Discuss the simple harmonic motion of a particle, investigating the velocity at any point of its path, and the time of describing any given portion of the path. An elastic string of natural length \(a\) and modulus \(\lambda\) is stretched between two points on a smooth horizontal table. A particle of mass \(m\) is fastened to its middle point and displaced in the direction of the string; find the time of a small oscillation.
Prove Leibnitz's Theorem for the \(n\)th differential coefficient of a product. If \(y=\sin(p\sin^{-1}x)\), shew that \[ (1-x^2)\frac{d^{n+2}y}{dx^{n+2}} - (2n+1)x\frac{d^{n+1}y}{dx^{n+1}} - (n^2-p^2)\frac{d^ny}{dx^n} = 0. \]
Investigate a method of determining the maximum and minimum values of a function of one independent variable. Find the maximum and minimum values of the expression \[ (x+1)^2(9x^2+2x-49). \]
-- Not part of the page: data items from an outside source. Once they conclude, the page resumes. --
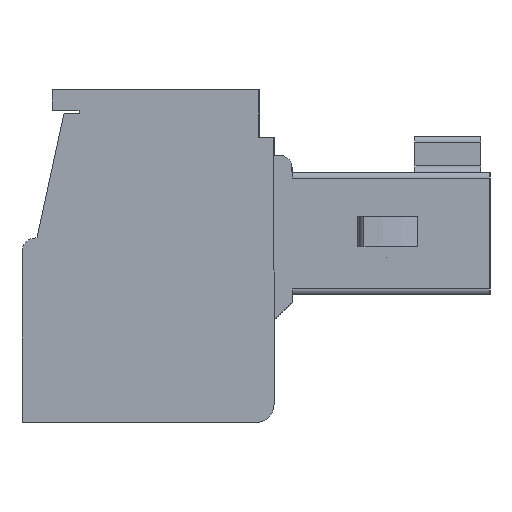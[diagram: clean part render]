
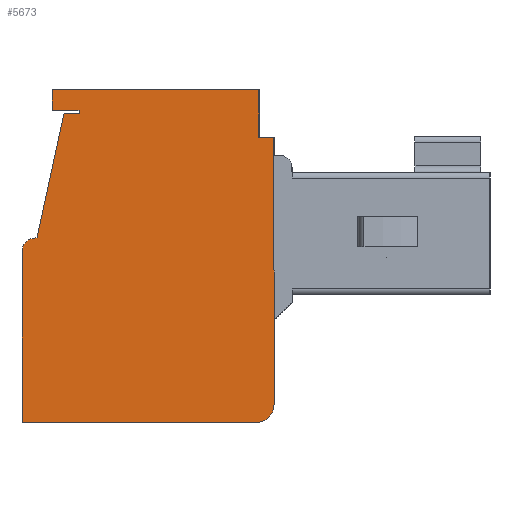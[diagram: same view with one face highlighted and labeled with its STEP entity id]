
A CAD part, left-side view. The second image highlights one B-rep face of the part: STEP entity #5673.
In plain terms, the highlighted planar face has unit normal (-1, 0, 0).
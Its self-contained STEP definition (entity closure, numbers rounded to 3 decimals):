
#77 = AXIS2_PLACEMENT_3D ( 'NONE', #12357, #37486, #34350 ) ;
#305 = VERTEX_POINT ( 'NONE', #23863 ) ;
#408 = CARTESIAN_POINT ( 'NONE',  ( 0., 13.7, 10.4 ) ) ;
#471 = DIRECTION ( 'NONE',  ( 0., 0., -1. ) ) ;
#801 = LINE ( 'NONE', #22611, #4778 ) ;
#1043 = EDGE_CURVE ( 'NONE', #6617, #13882, #30550, .T. ) ;
#1288 = CARTESIAN_POINT ( 'NONE',  ( 0., 14.6, 11.1 ) ) ;
#1854 = CARTESIAN_POINT ( 'NONE',  ( 0., 14.6, 10.4 ) ) ;
#1896 = FACE_OUTER_BOUND ( 'NONE', #11789, .T. ) ;
#2255 = CARTESIAN_POINT ( 'NONE',  ( 0., 15.15, 6.15 ) ) ;
#2277 = DIRECTION ( 'NONE',  ( 0., 0., -1. ) ) ;
#2777 = VECTOR ( 'NONE', #17777, 1000. ) ;
#3761 = DIRECTION ( 'NONE',  ( 0., -1., 0. ) ) ;
#4021 = DIRECTION ( 'NONE',  ( 0., 0.212, -0.977 ) ) ;
#4778 = VECTOR ( 'NONE', #31964, 1000. ) ;
#5305 = CIRCLE ( 'NONE', #9944, 0.6 ) ;
#5397 = CIRCLE ( 'NONE', #77, 0.45 ) ;
#5594 = VERTEX_POINT ( 'NONE', #1288 ) ;
#5673 = ADVANCED_FACE ( 'NONE', ( #1896 ), #29956, .F. ) ;
#6617 = VERTEX_POINT ( 'NONE', #1854 ) ;
#7622 = EDGE_CURVE ( 'NONE', #33768, #36407, #36059, .T. ) ;
#8551 = EDGE_CURVE ( 'NONE', #13882, #305, #31995, .T. ) ;
#8907 = CARTESIAN_POINT ( 'NONE',  ( 0., 7.8, 0.6 ) ) ;
#9182 = EDGE_CURVE ( 'NONE', #305, #23851, #27450, .T. ) ;
#9506 = EDGE_CURVE ( 'NONE', #36407, #30085, #37362, .T. ) ;
#9913 = VECTOR ( 'NONE', #23090, 1000. ) ;
#9944 = AXIS2_PLACEMENT_3D ( 'NONE', #8907, #15351, #34220 ) ;
#10456 = VECTOR ( 'NONE', #14908, 1000. ) ;
#10926 = VECTOR ( 'NONE', #471, 1000. ) ;
#11547 = EDGE_CURVE ( 'NONE', #5594, #6617, #30734, .T. ) ;
#11645 = CARTESIAN_POINT ( 'NONE',  ( 0., 15.6, 11.1 ) ) ;
#11789 = EDGE_LOOP ( 'NONE', ( #14107, #30428, #35672, #21158, #29990, #21754, #19507, #22130, #12595, #15997, #17682, #14991, #25311, #21280 ) ) ;
#12009 = CARTESIAN_POINT ( 'NONE',  ( 0., 15.6, 0. ) ) ;
#12357 = CARTESIAN_POINT ( 'NONE',  ( 0., 15.15, 5.7 ) ) ;
#12595 = ORIENTED_EDGE ( 'NONE', *, *, #19395, .T. ) ;
#12731 = EDGE_CURVE ( 'NONE', #40321, #41069, #35103, .T. ) ;
#13139 = CARTESIAN_POINT ( 'NONE',  ( 0., 7.7, 13.573 ) ) ;
#13441 = VECTOR ( 'NONE', #26146, 1000. ) ;
#13502 = VECTOR ( 'NONE', #21578, 1000. ) ;
#13882 = VERTEX_POINT ( 'NONE', #27229 ) ;
#13938 = DIRECTION ( 'NONE',  ( 1., 0., 0. ) ) ;
#14107 = ORIENTED_EDGE ( 'NONE', *, *, #9506, .T. ) ;
#14386 = CARTESIAN_POINT ( 'NONE',  ( 0., 7.7, 11.1 ) ) ;
#14397 = CARTESIAN_POINT ( 'NONE',  ( 0., 15.6, 5.7 ) ) ;
#14908 = DIRECTION ( 'NONE',  ( 0., 1., 0. ) ) ;
#14991 = ORIENTED_EDGE ( 'NONE', *, *, #12731, .T. ) ;
#15351 = DIRECTION ( 'NONE',  ( -1., 0., 0. ) ) ;
#15997 = ORIENTED_EDGE ( 'NONE', *, *, #23877, .T. ) ;
#16020 = CARTESIAN_POINT ( 'NONE',  ( 0., 15.6, 0. ) ) ;
#17069 = DIRECTION ( 'NONE',  ( 0., 1., 0. ) ) ;
#17682 = ORIENTED_EDGE ( 'NONE', *, *, #36516, .F. ) ;
#17764 = VERTEX_POINT ( 'NONE', #33040 ) ;
#17777 = DIRECTION ( 'NONE',  ( 0., 0., 1. ) ) ;
#18269 = CARTESIAN_POINT ( 'NONE',  ( 0., 14.6, 10.4 ) ) ;
#18902 = VERTEX_POINT ( 'NONE', #14397 ) ;
#19395 = EDGE_CURVE ( 'NONE', #17764, #37516, #27153, .T. ) ;
#19507 = ORIENTED_EDGE ( 'NONE', *, *, #9182, .T. ) ;
#21158 = ORIENTED_EDGE ( 'NONE', *, *, #11547, .T. ) ;
#21280 = ORIENTED_EDGE ( 'NONE', *, *, #7622, .T. ) ;
#21578 = DIRECTION ( 'NONE',  ( 0., 1., 0. ) ) ;
#21689 = CARTESIAN_POINT ( 'NONE',  ( 0., 14.2, 10.3 ) ) ;
#21754 = ORIENTED_EDGE ( 'NONE', *, *, #8551, .T. ) ;
#22130 = ORIENTED_EDGE ( 'NONE', *, *, #26950, .T. ) ;
#22320 = VECTOR ( 'NONE', #37372, 1000. ) ;
#22611 = CARTESIAN_POINT ( 'NONE',  ( 0., 15.6, 11.1 ) ) ;
#23090 = DIRECTION ( 'NONE',  ( 0., 0., 1. ) ) ;
#23851 = VERTEX_POINT ( 'NONE', #21689 ) ;
#23863 = CARTESIAN_POINT ( 'NONE',  ( 0., 13.7, 10.3 ) ) ;
#23877 = EDGE_CURVE ( 'NONE', #37516, #18902, #5397, .T. ) ;
#24295 = VECTOR ( 'NONE', #3761, 1000. ) ;
#25311 = ORIENTED_EDGE ( 'NONE', *, *, #37046, .T. ) ;
#25787 = CARTESIAN_POINT ( 'NONE',  ( 0., 15.6, 11.1 ) ) ;
#26146 = DIRECTION ( 'NONE',  ( 0., 0., -1. ) ) ;
#26824 = CARTESIAN_POINT ( 'NONE',  ( 0., 15.1, 6.15 ) ) ;
#26950 = EDGE_CURVE ( 'NONE', #23851, #17764, #35967, .T. ) ;
#27153 = LINE ( 'NONE', #2255, #10456 ) ;
#27229 = CARTESIAN_POINT ( 'NONE',  ( 0., 13.7, 10.4 ) ) ;
#27450 = LINE ( 'NONE', #33275, #38023 ) ;
#27480 = CARTESIAN_POINT ( 'NONE',  ( 0., 15.15, 6.15 ) ) ;
#28020 = CARTESIAN_POINT ( 'NONE',  ( 0., 14.6, 11.1 ) ) ;
#29055 = EDGE_CURVE ( 'NONE', #39644, #30085, #35982, .T. ) ;
#29338 = CARTESIAN_POINT ( 'NONE',  ( 0., 7.7, 9.5 ) ) ;
#29956 = PLANE ( 'NONE',  #39763 ) ;
#29990 = ORIENTED_EDGE ( 'NONE', *, *, #1043, .T. ) ;
#30085 = VERTEX_POINT ( 'NONE', #29338 ) ;
#30114 = CARTESIAN_POINT ( 'NONE',  ( 0., 7.2, 0.6 ) ) ;
#30428 = ORIENTED_EDGE ( 'NONE', *, *, #29055, .F. ) ;
#30550 = LINE ( 'NONE', #18269, #22320 ) ;
#30734 = LINE ( 'NONE', #28020, #34149 ) ;
#30872 = VECTOR ( 'NONE', #4021, 1000. ) ;
#31964 = DIRECTION ( 'NONE',  ( 0., -1., 0. ) ) ;
#31995 = LINE ( 'NONE', #408, #13441 ) ;
#33040 = CARTESIAN_POINT ( 'NONE',  ( 0., 15.1, 6.15 ) ) ;
#33275 = CARTESIAN_POINT ( 'NONE',  ( 0., 13.7, 10.3 ) ) ;
#33768 = VERTEX_POINT ( 'NONE', #30114 ) ;
#34149 = VECTOR ( 'NONE', #2277, 1000. ) ;
#34220 = DIRECTION ( 'NONE',  ( 0., 0., -1. ) ) ;
#34350 = DIRECTION ( 'NONE',  ( 0., 0., 1. ) ) ;
#35103 = LINE ( 'NONE', #16020, #24295 ) ;
#35672 = ORIENTED_EDGE ( 'NONE', *, *, #41082, .F. ) ;
#35967 = LINE ( 'NONE', #26824, #30872 ) ;
#35982 = LINE ( 'NONE', #13139, #10926 ) ;
#36059 = LINE ( 'NONE', #36483, #2777 ) ;
#36407 = VERTEX_POINT ( 'NONE', #40961 ) ;
#36483 = CARTESIAN_POINT ( 'NONE',  ( 0., 7.2, 9.5 ) ) ;
#36516 = EDGE_CURVE ( 'NONE', #40321, #18902, #38477, .T. ) ;
#36982 = DIRECTION ( 'NONE',  ( 0., 0., -1. ) ) ;
#37046 = EDGE_CURVE ( 'NONE', #41069, #33768, #5305, .T. ) ;
#37362 = LINE ( 'NONE', #40078, #13502 ) ;
#37372 = DIRECTION ( 'NONE',  ( 0., -1., 0. ) ) ;
#37486 = DIRECTION ( 'NONE',  ( -1., 0., 0. ) ) ;
#37516 = VERTEX_POINT ( 'NONE', #27480 ) ;
#38023 = VECTOR ( 'NONE', #17069, 1000. ) ;
#38477 = LINE ( 'NONE', #25787, #9913 ) ;
#38609 = CARTESIAN_POINT ( 'NONE',  ( 0., 7.8, 0. ) ) ;
#39644 = VERTEX_POINT ( 'NONE', #14386 ) ;
#39763 = AXIS2_PLACEMENT_3D ( 'NONE', #11645, #13938, #36982 ) ;
#40078 = CARTESIAN_POINT ( 'NONE',  ( 0., 7.92, 9.5 ) ) ;
#40321 = VERTEX_POINT ( 'NONE', #12009 ) ;
#40961 = CARTESIAN_POINT ( 'NONE',  ( 0., 7.2, 9.5 ) ) ;
#41069 = VERTEX_POINT ( 'NONE', #38609 ) ;
#41082 = EDGE_CURVE ( 'NONE', #5594, #39644, #801, .T. ) ;

Evaluate: \[ \text{(i) } \int \frac{dx}{5-2x-3x^2}, \quad \text{(ii) } \int \frac{3\cos x+4\sin x}{2\cos x-3\sin x}dx, \quad \text{(iii) } \int_0^1 \frac{dx}{1+2x\cos\alpha+x^2}. \]
Obtain expressions for the area of a curve when its equation is given by (i) \(r=f(\theta)\) and (ii) \(p=f(r)\). Find the area of a loop of the curve \[ p^2(4a^2-3r^2)=r^4. \]
The theory of poles and polars, developed by projective methods.